> _ACTIVITY_
Once you find the line with "భాగ్యము పెరుగుఁటకు బహుప్రజ్ఞలు కావలెను." in the data that follows, repeat it and every line after it exactly, through the line with "పొట్టకేమియుఁ గర్చు పెట్టరాదు".

═════ RECORDED DATA

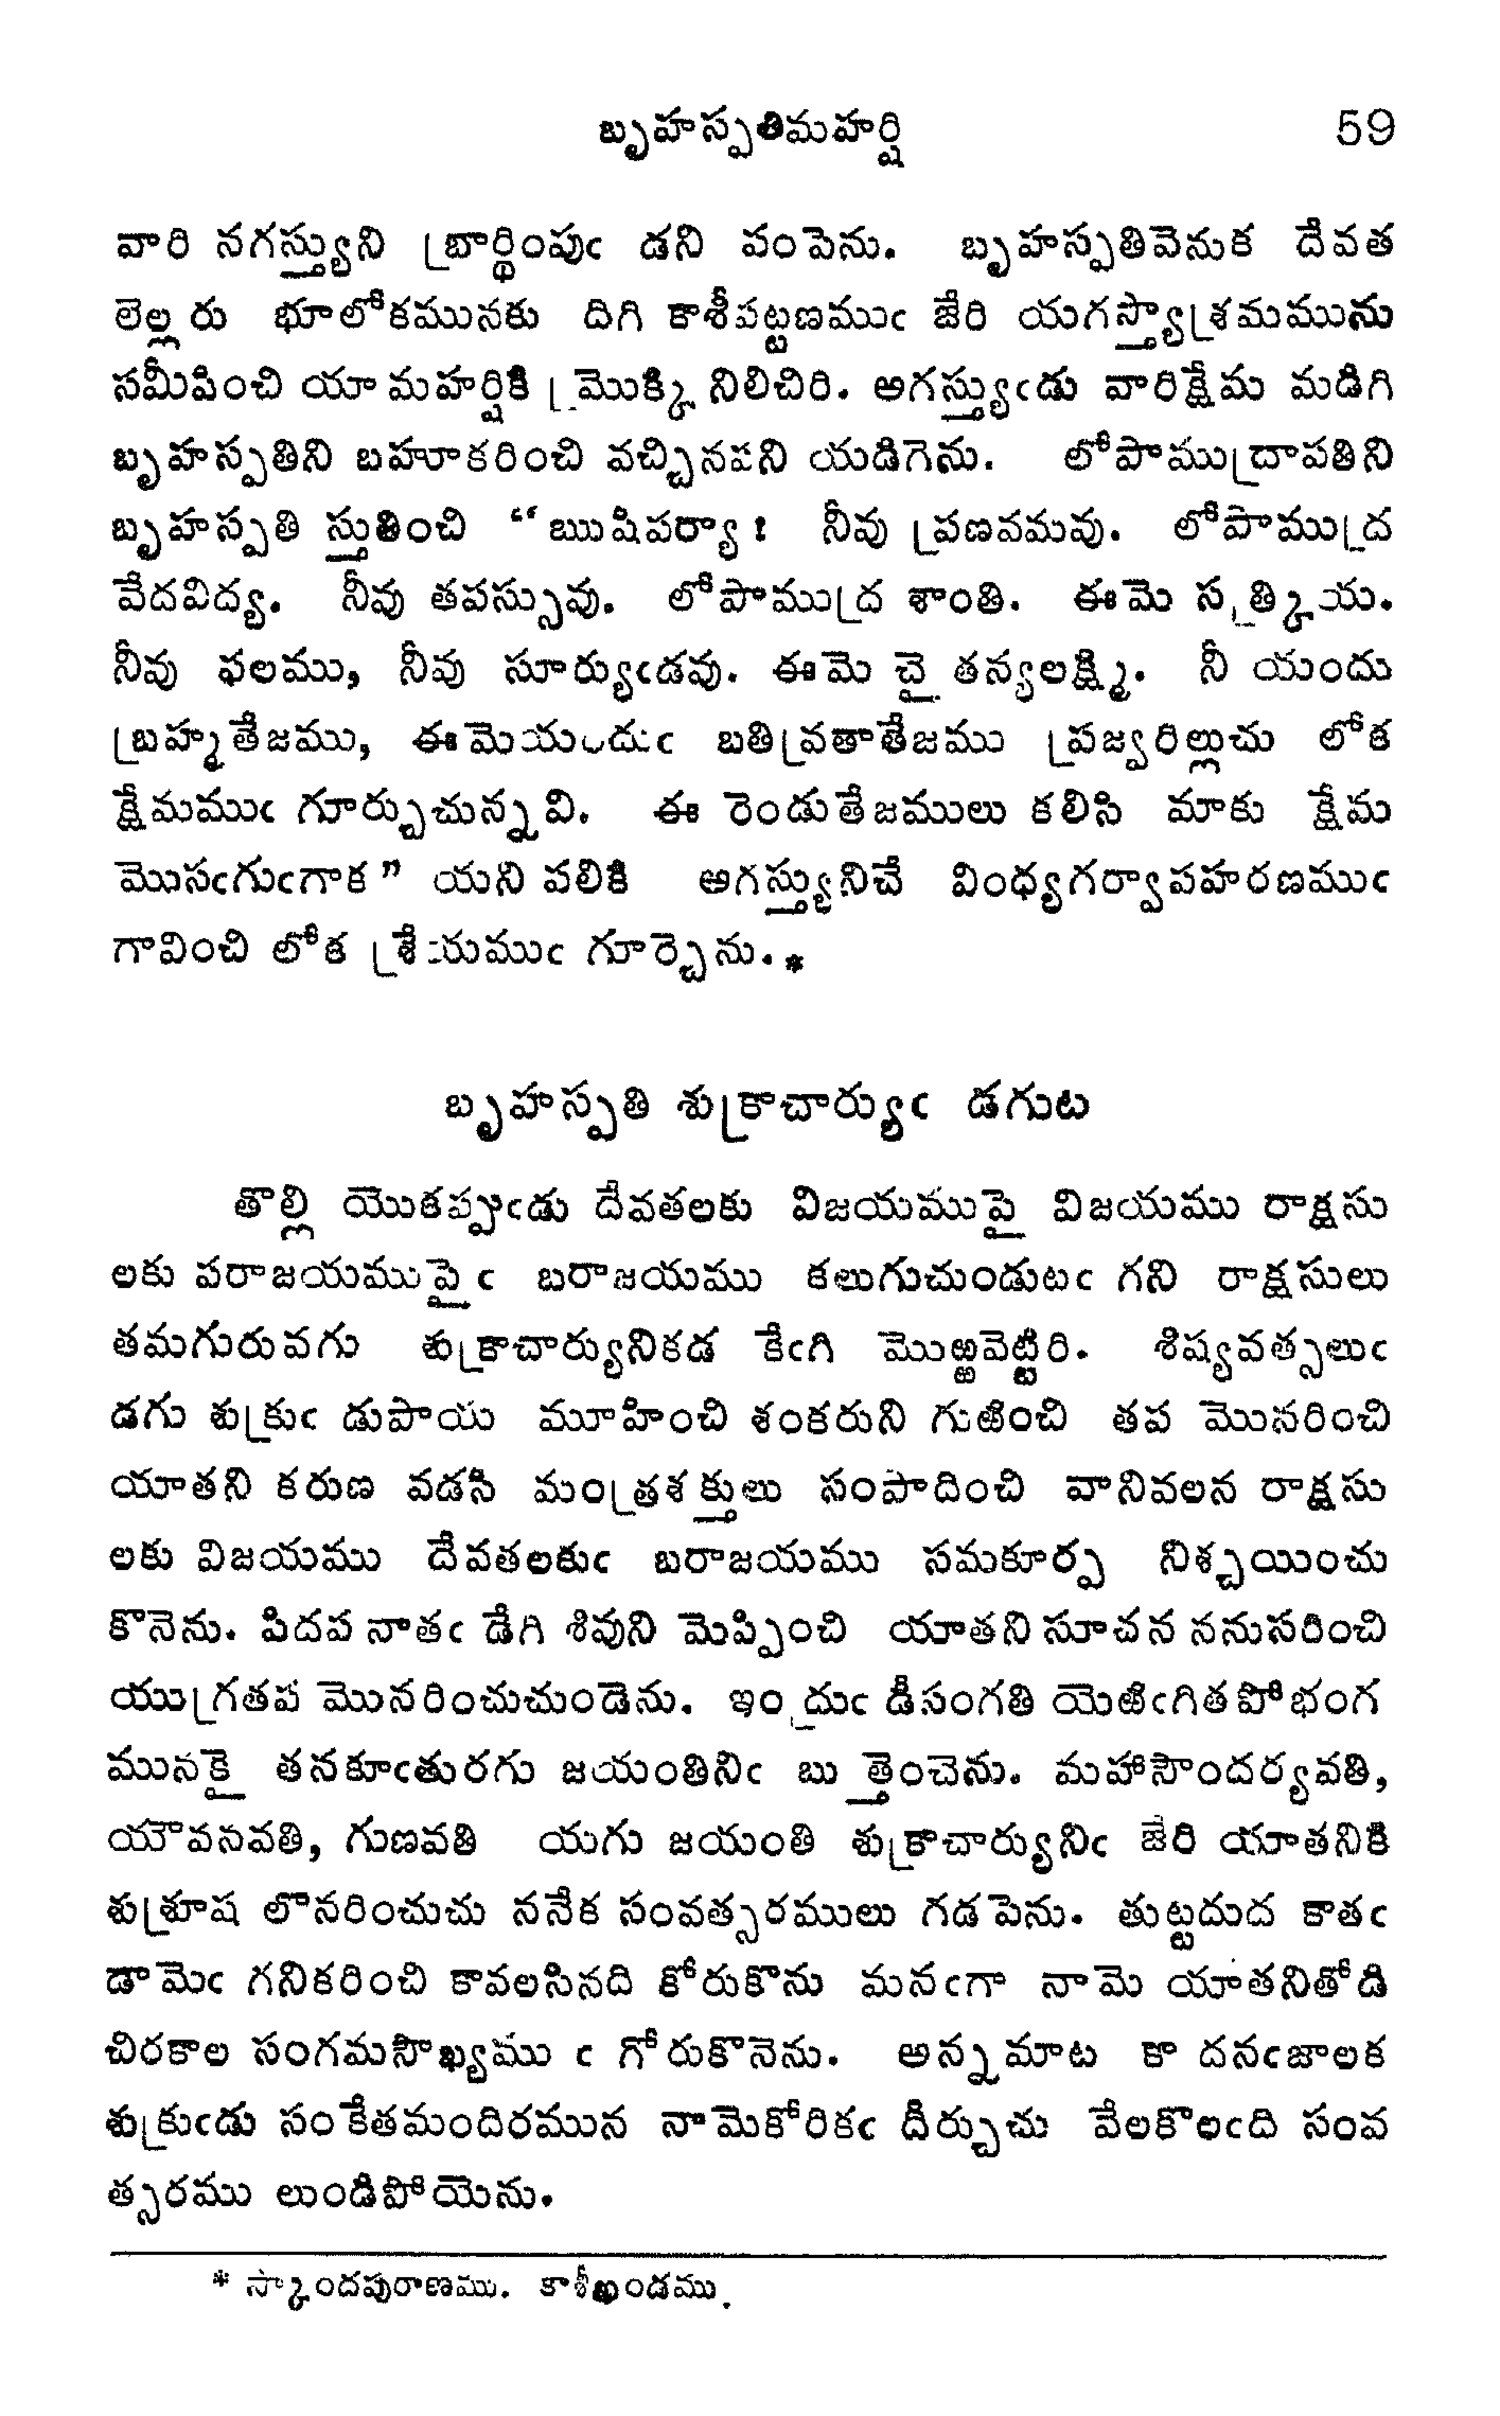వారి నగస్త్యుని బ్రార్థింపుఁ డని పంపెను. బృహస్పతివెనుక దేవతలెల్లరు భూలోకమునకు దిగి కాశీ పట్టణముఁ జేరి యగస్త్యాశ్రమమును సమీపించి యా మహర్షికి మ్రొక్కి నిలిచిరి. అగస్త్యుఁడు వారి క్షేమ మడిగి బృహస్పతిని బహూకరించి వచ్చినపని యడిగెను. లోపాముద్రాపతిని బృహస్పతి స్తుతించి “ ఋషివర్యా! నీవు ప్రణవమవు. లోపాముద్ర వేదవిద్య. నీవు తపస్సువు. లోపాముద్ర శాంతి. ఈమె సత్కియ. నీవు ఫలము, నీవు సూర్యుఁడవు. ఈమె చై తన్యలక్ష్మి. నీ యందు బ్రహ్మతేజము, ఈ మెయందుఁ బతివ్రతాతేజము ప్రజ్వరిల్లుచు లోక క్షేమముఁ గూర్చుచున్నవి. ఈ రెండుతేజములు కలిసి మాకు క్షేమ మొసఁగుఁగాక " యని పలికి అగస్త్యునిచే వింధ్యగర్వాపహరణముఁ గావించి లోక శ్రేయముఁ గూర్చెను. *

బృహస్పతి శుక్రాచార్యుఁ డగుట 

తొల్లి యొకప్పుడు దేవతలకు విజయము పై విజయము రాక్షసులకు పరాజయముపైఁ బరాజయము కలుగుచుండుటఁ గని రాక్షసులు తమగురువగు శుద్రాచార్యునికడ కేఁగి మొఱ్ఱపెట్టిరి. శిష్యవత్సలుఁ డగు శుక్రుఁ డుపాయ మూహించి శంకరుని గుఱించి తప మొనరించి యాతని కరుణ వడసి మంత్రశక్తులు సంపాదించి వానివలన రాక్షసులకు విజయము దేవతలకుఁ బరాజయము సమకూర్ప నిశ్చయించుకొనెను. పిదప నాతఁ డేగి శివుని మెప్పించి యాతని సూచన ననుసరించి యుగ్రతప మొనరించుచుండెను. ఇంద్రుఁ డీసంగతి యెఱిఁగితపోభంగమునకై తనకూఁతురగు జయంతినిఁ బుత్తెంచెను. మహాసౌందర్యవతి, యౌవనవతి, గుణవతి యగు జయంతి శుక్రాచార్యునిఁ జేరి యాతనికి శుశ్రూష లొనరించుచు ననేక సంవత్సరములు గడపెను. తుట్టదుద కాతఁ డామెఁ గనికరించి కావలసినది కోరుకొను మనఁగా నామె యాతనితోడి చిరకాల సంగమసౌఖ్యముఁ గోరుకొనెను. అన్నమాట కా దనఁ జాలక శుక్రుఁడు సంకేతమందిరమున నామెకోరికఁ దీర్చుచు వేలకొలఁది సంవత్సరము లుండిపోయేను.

══════════
═════ RECORDED DATA

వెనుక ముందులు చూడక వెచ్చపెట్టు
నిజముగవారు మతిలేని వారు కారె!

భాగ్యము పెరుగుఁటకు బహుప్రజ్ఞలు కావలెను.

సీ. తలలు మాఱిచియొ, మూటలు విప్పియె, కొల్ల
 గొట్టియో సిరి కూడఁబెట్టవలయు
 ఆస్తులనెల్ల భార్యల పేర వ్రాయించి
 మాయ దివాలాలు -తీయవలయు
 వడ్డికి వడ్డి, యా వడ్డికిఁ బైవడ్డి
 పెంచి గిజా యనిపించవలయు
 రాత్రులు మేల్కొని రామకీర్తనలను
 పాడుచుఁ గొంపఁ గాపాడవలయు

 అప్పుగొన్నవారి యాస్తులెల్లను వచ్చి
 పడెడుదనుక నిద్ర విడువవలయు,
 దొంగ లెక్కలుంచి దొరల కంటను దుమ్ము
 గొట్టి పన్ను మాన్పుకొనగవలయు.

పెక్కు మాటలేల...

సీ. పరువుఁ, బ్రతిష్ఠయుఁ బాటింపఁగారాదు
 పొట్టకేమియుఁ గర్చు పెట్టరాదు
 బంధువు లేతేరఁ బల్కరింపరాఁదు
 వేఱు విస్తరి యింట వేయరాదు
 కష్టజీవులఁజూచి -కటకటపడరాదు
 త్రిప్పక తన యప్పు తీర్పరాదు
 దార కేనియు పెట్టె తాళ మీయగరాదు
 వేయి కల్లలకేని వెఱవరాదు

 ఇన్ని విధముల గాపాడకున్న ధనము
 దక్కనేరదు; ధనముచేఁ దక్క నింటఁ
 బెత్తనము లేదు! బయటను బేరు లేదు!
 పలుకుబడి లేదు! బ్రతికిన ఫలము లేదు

══════════

> _SOLUTION TO THIS TASK_
భాగ్యము పెరుగుఁటకు బహుప్రజ్ఞలు కావలెను.

సీ. తలలు మాఱిచియొ, మూటలు విప్పియె, కొల్ల
 గొట్టియో సిరి కూడఁబెట్టవలయు
 ఆస్తులనెల్ల భార్యల పేర వ్రాయించి
 మాయ దివాలాలు -తీయవలయు
 వడ్డికి వడ్డి, యా వడ్డికిఁ బైవడ్డి
 పెంచి గిజా యనిపించవలయు
 రాత్రులు మేల్కొని రామకీర్తనలను
 పాడుచుఁ గొంపఁ గాపాడవలయు

 అప్పుగొన్నవారి యాస్తులెల్లను వచ్చి
 పడెడుదనుక నిద్ర విడువవలయు,
 దొంగ లెక్కలుంచి దొరల కంటను దుమ్ము
 గొట్టి పన్ను మాన్పుకొనగవలయు.

పెక్కు మాటలేల...

సీ. పరువుఁ, బ్రతిష్ఠయుఁ బాటింపఁగారాదు
 పొట్టకేమియుఁ గర్చు పెట్టరాదు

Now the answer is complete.